The analogy of simple and inter simple sequence repeat markers in the assessment of genetic diversity of pumpkin accessions in Kenya
Date
2020-09Author
Kiramana, James
Isutsa, Dorcas Khasungu
Nyende, Aggrey Bernard
Metadata
Show full item recordAbstract
Pumpkin is found growing in many parts of Kenya although its genetic variation has not been determined using
available molecular markers. This study compared SSR and ISSR efficacy in assessing diversity of 139 pumpkin
accessions using the multiplex ratio (MR), polymorphic information content (PIC), effective multiplex ratio
(EMR), marker index (MI), different (Na) and effective (Ne) alleles, Shannon index (I), expected (He) and
unbiased expected heterozygosity (UHe), analysis of molecular variance (AMOVA), clusters and mantel
correspondence.
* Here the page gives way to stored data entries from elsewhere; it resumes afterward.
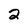
Character: 2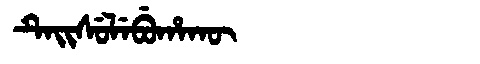
Manchu: ᡨᡝᡳᠰᡠᠯᡝᠪᡠᡥᠠᡴᡡ
Romanization: TEISULEBUHAKŪ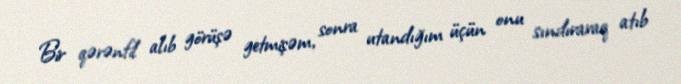
Bir qərənfil alıb görüşə getmişəm, sonra utandığım üçün onu sındıraraq atıb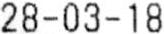
28-03-18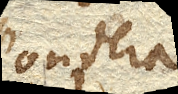
Pondera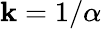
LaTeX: \mathbf{k}=1/\alpha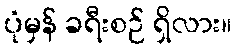
ပုံမှန် ခရီးစဉ် ရှိလား။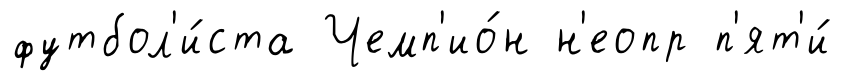
футбол'и́ста Чемп'ио́н н'еопр п'ят'и́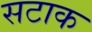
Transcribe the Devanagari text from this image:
सटाक

DNA ranged from 27-2992ng/µl and 0.45-2.1 of 260/280nm. SSR detected 23 total alleles and
4.6 average alleles of 100-700bp. ISSR detected 152 total alleles and 21.7 average alleles of 200-2000bp.
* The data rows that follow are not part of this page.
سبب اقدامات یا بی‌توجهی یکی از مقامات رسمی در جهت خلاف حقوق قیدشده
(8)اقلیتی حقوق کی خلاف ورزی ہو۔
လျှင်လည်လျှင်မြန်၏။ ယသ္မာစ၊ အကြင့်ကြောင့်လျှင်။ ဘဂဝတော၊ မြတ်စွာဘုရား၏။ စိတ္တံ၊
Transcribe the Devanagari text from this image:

Amplified and polymorphic DNA bands were 437 and 117 for SSR, 512 and 391 for ISSR, respectively. Total and
polymorphic bands MR was 87.4 and 29.4 for SSR, 73.1 and 55.9 for ISSR, respectively. PIC, EMR and MI for
ISSR were higher than for SSR. Markers with high polymorphism portrayed high EMR and MI. SSR PKCT-122
and ISSR 17899A had the highest polymorphism, PIC, EMR and MI. Ne, I, He and UHe was high for SSR, while
Na was high for ISSR. AMOVA revealed significant (P=0.01; P=0.02) differentiation. Genetic diversity was 14%
and 7% among, 86% and 93% within accessions for SSR and ISSR, respectively. Three clusters independent of
geographic origin were revealed. SSR and ISSR Euclidean matrices showed positive significant (r=0.272,
P=0.0001) correlation, which implied they reflected the same genetic diversity. Hence, the genetic diversity of
pumpkins can be assessed effectively using either SSR or ISSR markers.